Instructions to follow = Take the data below and filter it for lines containing the word "roadside"; show each line found.

Recorded data =
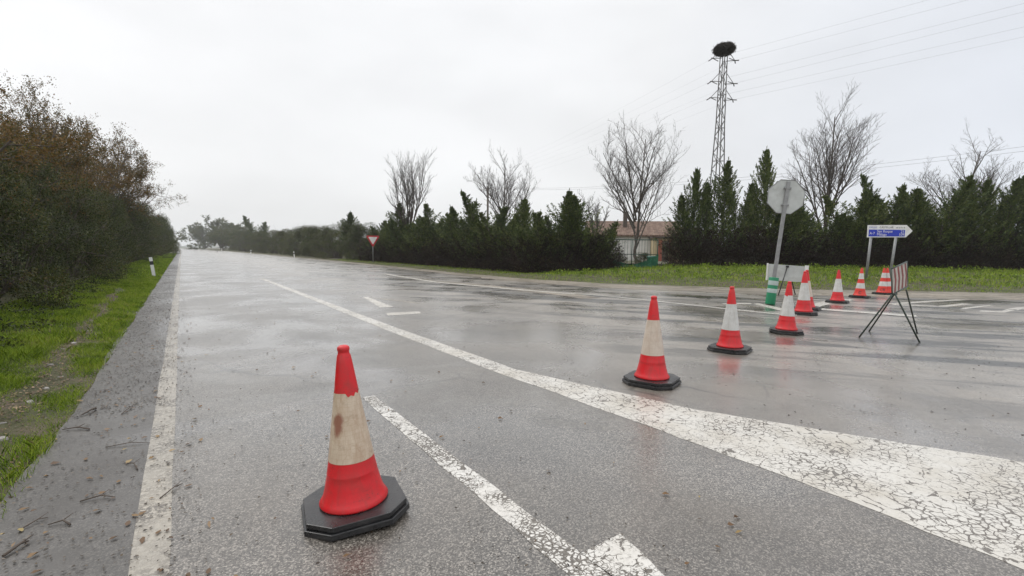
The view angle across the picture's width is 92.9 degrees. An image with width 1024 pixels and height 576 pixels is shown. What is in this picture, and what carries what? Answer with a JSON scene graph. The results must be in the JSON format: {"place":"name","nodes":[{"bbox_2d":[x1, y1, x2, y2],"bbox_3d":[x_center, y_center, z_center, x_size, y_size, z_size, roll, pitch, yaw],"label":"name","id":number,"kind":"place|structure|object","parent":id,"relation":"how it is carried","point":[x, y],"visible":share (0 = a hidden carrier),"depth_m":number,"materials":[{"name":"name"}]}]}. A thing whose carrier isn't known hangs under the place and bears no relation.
{"place":"outdoors","nodes":[
{"label":"outdoors","id":0,"kind":"place"},
{"bbox_2d":[0,338,119,517],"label":"verge grass","id":1,"kind":"structure","parent":0,"point":[36,348],"depth_m":4.82,"materials":[{"name":"green plant"}]},
{"bbox_2d":[0,249,180,575],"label":"shoulder","id":2,"kind":"object","parent":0,"point":[80,526],"visible":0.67,"depth_m":2.84},
{"bbox_2d":[41,265,194,418],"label":"mulch bits","id":3,"kind":"object","parent":2,"relation":"on","point":[139,351],"visible":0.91,"depth_m":5.93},
{"bbox_2d":[102,253,176,276],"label":"verge grass","id":4,"kind":"structure","parent":0,"point":[161,264],"depth_m":29.68,"materials":[{"name":"green plant"}]},
{"bbox_2d":[0,247,1023,501],"bbox_3d":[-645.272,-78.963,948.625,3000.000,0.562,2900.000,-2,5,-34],"label":"ground","id":5,"kind":"structure","parent":0,"point":[14,427],"depth_m":10.16,"materials":[{"name":"soil"}]},
{"bbox_2d":[0,174,50,296],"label":"evergreen shrub","id":6,"kind":"object","parent":5,"relation":"on","point":[10,249],"visible":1,"depth_m":8.36,"materials":[{"name":"green plant"}]},
{"bbox_2d":[0,153,70,295],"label":"evergreen shrub","id":7,"kind":"object","parent":5,"relation":"on","point":[21,192],"visible":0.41,"depth_m":11.71,"materials":[{"name":"green plant"}]},
{"bbox_2d":[0,114,89,207],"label":"autumn tree","id":8,"kind":"object","parent":5,"relation":"on","point":[6,137],"visible":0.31,"depth_m":13.56,"materials":[{"name":"brown plant"}]},
{"bbox_2d":[0,136,90,306],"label":"evergreen shrub","id":9,"kind":"object","parent":5,"relation":"on","point":[10,208],"visible":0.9,"depth_m":9.82,"materials":[{"name":"green plant"}]},
{"bbox_2d":[0,84,95,217],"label":"autumn tree","id":10,"kind":"object","parent":5,"relation":"on","point":[29,145],"visible":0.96,"depth_m":9.46,"materials":[{"name":"brown plant"}]},
{"bbox_2d":[5,166,97,288],"bbox_3d":[-13.284,-1.834,13.298,3.257,4.005,2.926,4,5,34],"label":"evergreen shrub","id":11,"kind":"object","parent":5,"relation":"on","point":[47,194],"visible":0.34,"depth_m":13.53,"materials":[{"name":"green plant"}]},
{"bbox_2d":[0,92,116,222],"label":"autumn tree","id":12,"kind":"object","parent":5,"relation":"on","point":[75,160],"visible":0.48,"depth_m":17.45,"materials":[{"name":"brown plant"}]},
{"bbox_2d":[0,293,124,534],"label":"fallen leaves","id":13,"kind":"object","parent":5,"relation":"on","point":[65,347],"visible":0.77,"depth_m":4.67,"materials":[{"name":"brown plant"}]},
{"bbox_2d":[1,74,133,191],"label":"autumn tree","id":14,"kind":"object","parent":5,"relation":"on","point":[118,148],"visible":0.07,"depth_m":26.05,"materials":[{"name":"brown plant"}]},
{"bbox_2d":[15,157,122,281],"bbox_3d":[-14.347,-2.089,15.555,3.468,4.201,2.993,4,6,40],"label":"evergreen shrub","id":15,"kind":"object","parent":5,"relation":"on","point":[81,252],"visible":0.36,"depth_m":15.74,"materials":[{"name":"green plant"}]},
{"bbox_2d":[0,71,138,222],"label":"autumn tree","id":16,"kind":"object","parent":5,"relation":"on","point":[87,165],"visible":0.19,"depth_m":21.71,"materials":[{"name":"brown plant"}]},
{"bbox_2d":[28,174,128,273],"bbox_3d":[-17.660,-2.606,20.027,3.154,4.473,3.403,-1,5,-26],"label":"evergreen shrub","id":17,"kind":"object","parent":5,"relation":"on","point":[105,205],"visible":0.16,"depth_m":20.16,"materials":[{"name":"green plant"}]},
{"bbox_2d":[0,266,160,349],"bbox_3d":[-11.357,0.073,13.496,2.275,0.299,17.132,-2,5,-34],"label":"verge grass","id":18,"kind":"structure","parent":5,"relation":"on","point":[134,287],"depth_m":9.21,"materials":[{"name":"green plant"}]},
{"bbox_2d":[0,80,162,218],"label":"autumn tree","id":19,"kind":"object","parent":5,"relation":"on","point":[142,165],"visible":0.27,"depth_m":33.84,"materials":[{"name":"brown plant"}]},
{"bbox_2d":[24,196,139,278],"bbox_3d":[-15.832,-1.795,17.588,3.519,3.210,2.307,0,4,-8],"label":"evergreen shrub","id":20,"kind":"object","parent":5,"relation":"on","point":[118,268],"visible":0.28,"depth_m":17.74,"materials":[{"name":"green plant"}]},
{"bbox_2d":[75,113,186,226],"bbox_3d":[-33.352,-7.821,39.411,9.551,11.729,12.338,-1,5,-15],"label":"autumn tree","id":21,"kind":"object","parent":5,"relation":"on","point":[115,178],"visible":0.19,"depth_m":39.28,"materials":[{"name":"brown plant"}]},
{"bbox_2d":[112,190,156,262],"bbox_3d":[-27.663,-4.763,34.634,3.912,6.394,4.354,0,4,-5],"label":"evergreen shrub","id":22,"kind":"object","parent":5,"relation":"on","point":[144,222],"visible":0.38,"depth_m":35.02,"materials":[{"name":"green plant"}]},
{"bbox_2d":[144,211,175,257],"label":"evergreen shrub","id":23,"kind":"object","parent":5,"relation":"on","point":[159,232],"visible":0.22,"depth_m":53.16,"materials":[{"name":"green plant"}]},
{"bbox_2d":[177,222,221,248],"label":"broadleaf tree","id":24,"kind":"object","parent":5,"relation":"on","point":[202,233],"visible":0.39,"depth_m":322.93,"materials":[{"name":"green plant"}]},
{"bbox_2d":[176,214,250,249],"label":"broadleaf tree","id":25,"kind":"object","parent":5,"relation":"on","point":[224,224],"visible":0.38,"depth_m":280.95,"materials":[{"name":"green plant"}]},
{"bbox_2d":[296,224,325,256],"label":"roadside bush","id":26,"kind":"object","parent":5,"relation":"on","point":[313,231],"visible":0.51,"depth_m":74.53,"materials":[{"name":"green plant"}]},
{"bbox_2d":[311,221,340,257],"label":"roadside bush","id":27,"kind":"object","parent":5,"relation":"on","point":[324,233],"visible":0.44,"depth_m":67.93,"materials":[{"name":"green plant"}]},
{"bbox_2d":[317,229,343,258],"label":"roadside bush","id":28,"kind":"object","parent":5,"relation":"on","point":[328,245],"visible":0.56,"depth_m":64.39,"materials":[{"name":"green plant"}]},
{"bbox_2d":[333,210,360,255],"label":"conifer","id":29,"kind":"object","parent":5,"relation":"on","point":[350,220],"visible":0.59,"depth_m":61.16,"materials":[{"name":"green plant"}]},
{"bbox_2d":[343,221,377,259],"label":"roadside bush","id":30,"kind":"object","parent":5,"relation":"on","point":[362,231],"visible":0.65,"depth_m":55.12,"materials":[{"name":"green plant"}]},
{"bbox_2d":[383,222,407,262],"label":"conifer","id":31,"kind":"object","parent":5,"relation":"on","point":[393,230],"visible":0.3,"depth_m":44.45,"materials":[{"name":"green plant"}]},
{"bbox_2d":[379,200,413,262],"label":"conifer","id":32,"kind":"object","parent":5,"relation":"on","point":[398,222],"visible":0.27,"depth_m":46.38,"materials":[{"name":"green plant"}]},
{"bbox_2d":[386,149,436,226],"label":"bare tree","id":33,"kind":"object","parent":5,"relation":"on","point":[409,199],"visible":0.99,"depth_m":46.19,"materials":[{"name":"grey plant"}]},
{"bbox_2d":[416,214,443,264],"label":"conifer","id":34,"kind":"object","parent":5,"relation":"on","point":[424,233],"visible":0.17,"depth_m":39.03,"materials":[{"name":"green plant"}]},
{"bbox_2d":[411,201,449,264],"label":"conifer","id":35,"kind":"object","parent":5,"relation":"on","point":[428,213],"visible":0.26,"depth_m":39.29,"materials":[{"name":"green plant"}]},
{"bbox_2d":[433,198,481,266],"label":"conifer","id":36,"kind":"object","parent":5,"relation":"on","point":[450,231],"visible":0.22,"depth_m":36.22,"materials":[{"name":"green plant"}]},
{"bbox_2d":[442,204,477,267],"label":"conifer","id":37,"kind":"object","parent":5,"relation":"on","point":[454,215],"visible":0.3,"depth_m":35.38,"materials":[{"name":"green plant"}]},
{"bbox_2d":[455,217,480,268],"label":"conifer","id":38,"kind":"object","parent":5,"relation":"on","point":[463,222],"visible":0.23,"depth_m":33.69,"materials":[{"name":"green plant"}]},
{"bbox_2d":[457,190,511,268],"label":"conifer","id":39,"kind":"object","parent":5,"relation":"on","point":[471,210],"visible":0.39,"depth_m":32.92,"materials":[{"name":"green plant"}]},
{"bbox_2d":[468,219,512,269],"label":"conifer","id":40,"kind":"object","parent":5,"relation":"on","point":[478,226],"visible":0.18,"depth_m":31.86,"materials":[{"name":"green plant"}]},
{"bbox_2d":[478,212,521,269],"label":"conifer","id":41,"kind":"object","parent":5,"relation":"on","point":[484,220],"visible":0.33,"depth_m":31.06,"materials":[{"name":"green plant"}]},
{"bbox_2d":[484,215,517,270],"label":"conifer","id":42,"kind":"object","parent":5,"relation":"on","point":[499,224],"visible":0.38,"depth_m":30.42,"materials":[{"name":"green plant"}]},
{"bbox_2d":[463,139,540,221],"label":"bare tree","id":43,"kind":"object","parent":5,"relation":"on","point":[508,191],"visible":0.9,"depth_m":42.21,"materials":[{"name":"grey plant"}]},
{"bbox_2d":[491,214,529,271],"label":"conifer","id":44,"kind":"object","parent":5,"relation":"on","point":[507,241],"visible":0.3,"depth_m":29.98,"materials":[{"name":"green plant"}]},
{"bbox_2d":[498,198,538,271],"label":"conifer","id":45,"kind":"object","parent":5,"relation":"on","point":[524,213],"visible":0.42,"depth_m":29.48,"materials":[{"name":"green plant"}]},
{"bbox_2d":[506,210,555,272],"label":"conifer","id":46,"kind":"object","parent":5,"relation":"on","point":[536,224],"visible":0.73,"depth_m":28.03,"materials":[{"name":"green plant"}]},
{"bbox_2d":[510,220,567,272],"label":"conifer","id":47,"kind":"object","parent":5,"relation":"on","point":[546,249],"visible":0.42,"depth_m":28.05,"materials":[{"name":"green plant"}]},
{"bbox_2d":[525,206,577,272],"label":"conifer","id":48,"kind":"object","parent":5,"relation":"on","point":[534,216],"visible":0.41,"depth_m":28.20,"materials":[{"name":"green plant"}]},
{"bbox_2d":[536,188,595,271],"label":"conifer","id":49,"kind":"object","parent":5,"relation":"on","point":[569,199],"visible":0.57,"depth_m":28.33,"materials":[{"name":"green plant"}]},
{"bbox_2d":[547,196,613,271],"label":"conifer","id":50,"kind":"object","parent":5,"relation":"on","point":[585,239],"visible":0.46,"depth_m":28.38,"materials":[{"name":"green plant"}]},
{"bbox_2d":[570,220,619,270],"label":"conifer","id":51,"kind":"object","parent":5,"relation":"on","point":[610,229],"visible":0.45,"depth_m":28.48,"materials":[{"name":"green plant"}]},
{"bbox_2d":[578,227,626,270],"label":"conifer","id":52,"kind":"object","parent":5,"relation":"on","point":[612,257],"visible":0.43,"depth_m":28.55,"materials":[{"name":"green plant"}]},
{"bbox_2d":[585,211,683,261],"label":"house","id":53,"kind":"structure","parent":5,"relation":"on","point":[653,229],"depth_m":49.86,"materials":[{"name":"ceramic"}]},
{"bbox_2d":[588,113,689,263],"bbox_3d":[9.341,-7.219,36.295,7.352,12.027,9.211,3,5,28],"label":"bare tree","id":54,"kind":"object","parent":5,"relation":"on","point":[642,194],"visible":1,"depth_m":35.45,"materials":[{"name":"grey plant"}]},
{"bbox_2d":[338,259,1023,292],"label":"bank grass","id":55,"kind":"structure","parent":5,"relation":"on","point":[857,269],"depth_m":23.85,"materials":[{"name":"green plant"}]},
{"bbox_2d":[654,192,708,266],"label":"conifer","id":56,"kind":"object","parent":5,"relation":"on","point":[680,214],"visible":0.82,"depth_m":29.95,"materials":[{"name":"green plant"}]},
{"bbox_2d":[666,166,717,267],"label":"conifer","id":57,"kind":"object","parent":5,"relation":"on","point":[696,193],"visible":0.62,"depth_m":29.77,"materials":[{"name":"green plant"}]},
{"bbox_2d":[683,182,728,265],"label":"conifer","id":58,"kind":"object","parent":5,"relation":"on","point":[705,222],"visible":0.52,"depth_m":29.76,"materials":[{"name":"green plant"}]},
{"bbox_2d":[696,157,747,266],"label":"conifer","id":59,"kind":"object","parent":5,"relation":"on","point":[725,187],"visible":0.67,"depth_m":29.71,"materials":[{"name":"green plant"}]},
{"bbox_2d":[707,54,738,236],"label":"lattice pylon","id":60,"kind":"object","parent":5,"relation":"on","point":[719,107],"visible":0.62,"depth_m":44.80,"materials":[{"name":"metal"}]},
{"bbox_2d":[712,41,735,57],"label":"stick nest","id":61,"kind":"object","parent":60,"relation":"on","point":[722,49],"visible":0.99,"depth_m":43.97,"materials":[{"name":"brown wood"}]},
{"bbox_2d":[715,189,765,265],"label":"conifer","id":62,"kind":"object","parent":5,"relation":"on","point":[748,209],"visible":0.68,"depth_m":29.71,"materials":[{"name":"green plant"}]},
{"bbox_2d":[729,183,779,265],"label":"conifer","id":63,"kind":"object","parent":5,"relation":"on","point":[752,190],"visible":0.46,"depth_m":29.84,"materials":[{"name":"green plant"}]},
{"bbox_2d":[738,145,795,265],"bbox_3d":[15.769,-4.962,30.253,3.198,7.770,2.996,0,4,-8],"label":"conifer","id":64,"kind":"object","parent":5,"relation":"on","point":[767,178],"visible":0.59,"depth_m":30.00,"materials":[{"name":"green plant"}]},
{"bbox_2d":[756,194,821,264],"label":"conifer","id":65,"kind":"object","parent":5,"relation":"on","point":[778,218],"visible":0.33,"depth_m":29.56,"materials":[{"name":"green plant"}]},
{"bbox_2d":[765,209,823,265],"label":"conifer","id":66,"kind":"object","parent":5,"relation":"on","point":[794,219],"visible":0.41,"depth_m":29.53,"materials":[{"name":"green plant"}]},
{"bbox_2d":[779,205,831,266],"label":"conifer","id":67,"kind":"object","parent":5,"relation":"on","point":[805,230],"visible":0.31,"depth_m":29.53,"materials":[{"name":"green plant"}]},
{"bbox_2d":[796,211,846,267],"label":"conifer","id":68,"kind":"object","parent":5,"relation":"on","point":[832,228],"visible":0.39,"depth_m":29.49,"materials":[{"name":"green plant"}]},
{"bbox_2d":[780,82,882,263],"bbox_3d":[22.650,-8.153,35.378,8.378,13.453,6.911,-1,5,-20],"label":"bare tree","id":69,"kind":"object","parent":5,"relation":"on","point":[830,165],"visible":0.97,"depth_m":34.92,"materials":[{"name":"grey plant"}]},
{"bbox_2d":[805,211,861,268],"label":"conifer","id":70,"kind":"object","parent":5,"relation":"on","point":[849,221],"visible":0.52,"depth_m":29.45,"materials":[{"name":"green plant"}]},
{"bbox_2d":[821,192,892,267],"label":"conifer","id":71,"kind":"object","parent":5,"relation":"on","point":[875,214],"visible":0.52,"depth_m":29.35,"materials":[{"name":"green plant"}]},
{"bbox_2d":[827,187,901,267],"bbox_3d":[21.712,-3.669,30.297,3.783,5.122,3.785,4,5,35],"label":"conifer","id":72,"kind":"object","parent":5,"relation":"on","point":[863,207],"visible":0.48,"depth_m":29.54,"materials":[{"name":"green plant"}]},
{"bbox_2d":[864,225,911,280],"bbox_3d":[16.568,-1.407,21.474,1.924,2.740,0.142,1,4,2],"label":"direction sign","id":73,"kind":"object","parent":5,"relation":"on","point":[895,231],"visible":1,"depth_m":21.34,"materials":[{"name":"white metal"}]},
{"bbox_2d":[851,193,924,267],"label":"conifer","id":74,"kind":"object","parent":5,"relation":"on","point":[887,216],"visible":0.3,"depth_m":29.14,"materials":[{"name":"green plant"}]},
{"bbox_2d":[859,173,920,266],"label":"conifer","id":75,"kind":"object","parent":5,"relation":"on","point":[902,196],"visible":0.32,"depth_m":29.15,"materials":[{"name":"green plant"}]},
{"bbox_2d":[880,191,931,268],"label":"conifer","id":76,"kind":"object","parent":5,"relation":"on","point":[909,211],"visible":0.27,"depth_m":29.10,"materials":[{"name":"green plant"}]},
{"bbox_2d":[889,186,962,268],"bbox_3d":[24.782,-3.592,29.613,3.825,5.262,3.840,-1,5,-20],"label":"conifer","id":77,"kind":"object","parent":5,"relation":"on","point":[919,199],"visible":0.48,"depth_m":29.13,"materials":[{"name":"green plant"}]},
{"bbox_2d":[908,179,978,269],"bbox_3d":[25.578,-3.633,29.306,3.298,5.411,3.819,-1,5,-18],"label":"conifer","id":78,"kind":"object","parent":5,"relation":"on","point":[959,202],"visible":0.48,"depth_m":28.52,"materials":[{"name":"green plant"}]},
{"bbox_2d":[919,192,980,269],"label":"conifer","id":79,"kind":"object","parent":5,"relation":"on","point":[966,213],"visible":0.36,"depth_m":28.70,"materials":[{"name":"green plant"}]},
{"bbox_2d":[904,123,1022,213],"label":"bare tree","id":80,"kind":"object","parent":5,"relation":"on","point":[989,172],"visible":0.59,"depth_m":35.05,"materials":[{"name":"grey plant"}]},
{"bbox_2d":[934,199,1006,270],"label":"conifer","id":81,"kind":"object","parent":5,"relation":"on","point":[969,238],"visible":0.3,"depth_m":28.58,"materials":[{"name":"green plant"}]},
{"bbox_2d":[939,172,1011,269],"bbox_3d":[27.425,-3.951,29.465,3.580,6.079,3.682,1,4,0],"label":"conifer","id":82,"kind":"object","parent":5,"relation":"on","point":[972,195],"visible":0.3,"depth_m":28.81,"materials":[{"name":"green plant"}]},
{"bbox_2d":[958,176,1019,270],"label":"conifer","id":83,"kind":"object","parent":5,"relation":"on","point":[987,184],"visible":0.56,"depth_m":28.74,"materials":[{"name":"green plant"}]},
{"bbox_2d":[977,175,1023,269],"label":"conifer","id":84,"kind":"object","parent":5,"relation":"on","point":[1014,189],"visible":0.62,"depth_m":28.37,"materials":[{"name":"green plant"}]},
{"bbox_2d":[989,175,1023,270],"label":"conifer","id":85,"kind":"object","parent":5,"relation":"on","point":[1018,224],"visible":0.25,"depth_m":28.70,"materials":[{"name":"green plant"}]},
{"bbox_2d":[0,0,1023,245],"label":"sky","id":86,"kind":"structure","parent":0,"point":[283,114],"materials":[{"name":"white"}]},
{"bbox_2d":[169,248,1023,575],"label":"road","id":87,"kind":"structure","parent":0,"point":[551,456],"depth_m":4.07,"materials":[{"name":"grey asphalt"}]},
{"bbox_2d":[128,251,180,575],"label":"edge line","id":88,"kind":"object","parent":87,"relation":"on","point":[156,521],"visible":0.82,"depth_m":2.81,"materials":[{"name":"paint"}]},
{"bbox_2d":[1,293,679,575],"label":"mulch bits","id":89,"kind":"object","parent":87,"relation":"on","point":[168,574],"visible":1,"depth_m":2.64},
{"bbox_2d":[301,345,409,541],"bbox_3d":[-0.833,0.717,2.490,0.501,0.861,0.501,-5,5,-26],"label":"traffic cone","id":90,"kind":"object","parent":87,"relation":"on","point":[357,493],"visible":1,"depth_m":2.41,"materials":[{"name":"red plastic"}]},
{"bbox_2d":[11,302,742,575],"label":"fallen leaves","id":91,"kind":"object","parent":87,"relation":"on","point":[142,540],"visible":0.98,"depth_m":2.65,"materials":[{"name":"brown plant"}]},
{"bbox_2d":[361,395,611,575],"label":"lane line","id":92,"kind":"object","parent":87,"relation":"on","point":[531,529],"visible":1,"depth_m":2.58,"materials":[{"name":"paint"}]},
{"bbox_2d":[424,279,600,298],"bbox_3d":[-0.654,-0.053,18.262,1.052,0.001,10.214,-3,6,-38],"label":"silt trail","id":93,"kind":"object","parent":87,"relation":"on","point":[576,295],"visible":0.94,"depth_m":16.68,"materials":[{"name":"beige soil"}]},
{"bbox_2d":[582,534,663,575],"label":"lane arrow head","id":94,"kind":"object","parent":87,"relation":"on","point":[630,559],"visible":1,"depth_m":2.15},
{"bbox_2d":[229,251,1023,299],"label":"gravel margin","id":95,"kind":"object","parent":87,"relation":"on","point":[963,295],"visible":0.88,"depth_m":18.05,"materials":[{"name":"grey gravel"}]},
{"bbox_2d":[766,263,808,294],"bbox_3d":[9.035,-0.278,16.022,1.203,1.031,0.782,5,6,29],"label":"barrier board","id":96,"kind":"object","parent":95,"relation":"on","point":[791,273],"visible":0.7,"depth_m":15.94,"materials":[{"name":"white metal"}]},
{"bbox_2d":[260,278,1023,568],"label":"island line","id":97,"kind":"object","parent":87,"relation":"on","point":[990,522],"visible":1,"depth_m":3.15,"materials":[{"name":"paint"}]},
{"bbox_2d":[622,296,680,389],"bbox_3d":[1.454,0.529,5.024,0.525,0.902,0.525,4,5,36],"label":"traffic cone","id":98,"kind":"object","parent":87,"relation":"on","point":[651,372],"visible":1,"depth_m":4.94,"materials":[{"name":"red plastic"}]},
{"bbox_2d":[707,286,752,354],"bbox_3d":[3.032,0.422,6.737,0.520,0.893,0.520,4,6,41],"label":"traffic cone","id":99,"kind":"object","parent":87,"relation":"on","point":[729,341],"visible":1,"depth_m":6.66,"materials":[{"name":"red plastic"}]},
{"bbox_2d":[765,277,778,304],"bbox_3d":[6.929,0.075,12.961,0.248,0.725,0.248,3,5,-34],"label":"post sleeve","id":100,"kind":"object","parent":87,"relation":"on","point":[772,289],"visible":1,"depth_m":12.87,"materials":[{"name":"green plastic"}]},
{"bbox_2d":[767,179,805,304],"bbox_3d":[7.071,-1.187,12.871,0.891,3.341,0.079,7,4,14],"label":"stop sign","id":101,"kind":"object","parent":100,"relation":"in","point":[784,197],"visible":0.99,"depth_m":12.81,"materials":[{"name":"metal"}]},
{"bbox_2d":[769,281,803,334],"bbox_3d":[4.728,0.325,8.337,0.514,0.883,0.514,4,5,26],"label":"traffic cone","id":102,"kind":"object","parent":87,"relation":"on","point":[786,323],"visible":1,"depth_m":8.26,"materials":[{"name":"red plastic"}]},
{"bbox_2d":[794,271,817,315],"bbox_3d":[6.581,0.104,10.956,0.564,0.970,0.564,3,5,34],"label":"traffic cone","id":103,"kind":"object","parent":87,"relation":"on","point":[803,306],"visible":0.94,"depth_m":10.87,"materials":[{"name":"red plastic"}]},
{"bbox_2d":[825,270,849,303],"bbox_3d":[9.178,-0.050,13.690,0.536,0.921,0.536,-4,6,-44],"label":"traffic cone","id":104,"kind":"object","parent":87,"relation":"on","point":[837,296],"visible":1,"depth_m":13.61,"materials":[{"name":"red plastic"}]},
{"bbox_2d":[848,268,870,297],"bbox_3d":[11.061,-0.167,15.425,0.545,0.936,0.545,-2,6,-44],"label":"traffic cone","id":105,"kind":"object","parent":87,"relation":"on","point":[859,291],"visible":1,"depth_m":15.35,"materials":[{"name":"red plastic"}]},
{"bbox_2d":[859,261,920,342],"bbox_3d":[6.366,0.177,8.157,0.787,1.263,1.298,4,6,38],"label":"striped barrier","id":106,"kind":"object","parent":87,"relation":"on","point":[899,277],"visible":1,"depth_m":7.83,"materials":[{"name":"metal"}]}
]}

Solved exercise =
{"bbox_2d":[296,224,325,256],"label":"roadside bush","id":26,"kind":"object","parent":5,"relation":"on","point":[313,231],"visible":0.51,"depth_m":74.53,"materials":[{"name":"green plant"}]},
{"bbox_2d":[311,221,340,257],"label":"roadside bush","id":27,"kind":"object","parent":5,"relation":"on","point":[324,233],"visible":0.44,"depth_m":67.93,"materials":[{"name":"green plant"}]},
{"bbox_2d":[317,229,343,258],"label":"roadside bush","id":28,"kind":"object","parent":5,"relation":"on","point":[328,245],"visible":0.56,"depth_m":64.39,"materials":[{"name":"green plant"}]},
{"bbox_2d":[343,221,377,259],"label":"roadside bush","id":30,"kind":"object","parent":5,"relation":"on","point":[362,231],"visible":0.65,"depth_m":55.12,"materials":[{"name":"green plant"}]},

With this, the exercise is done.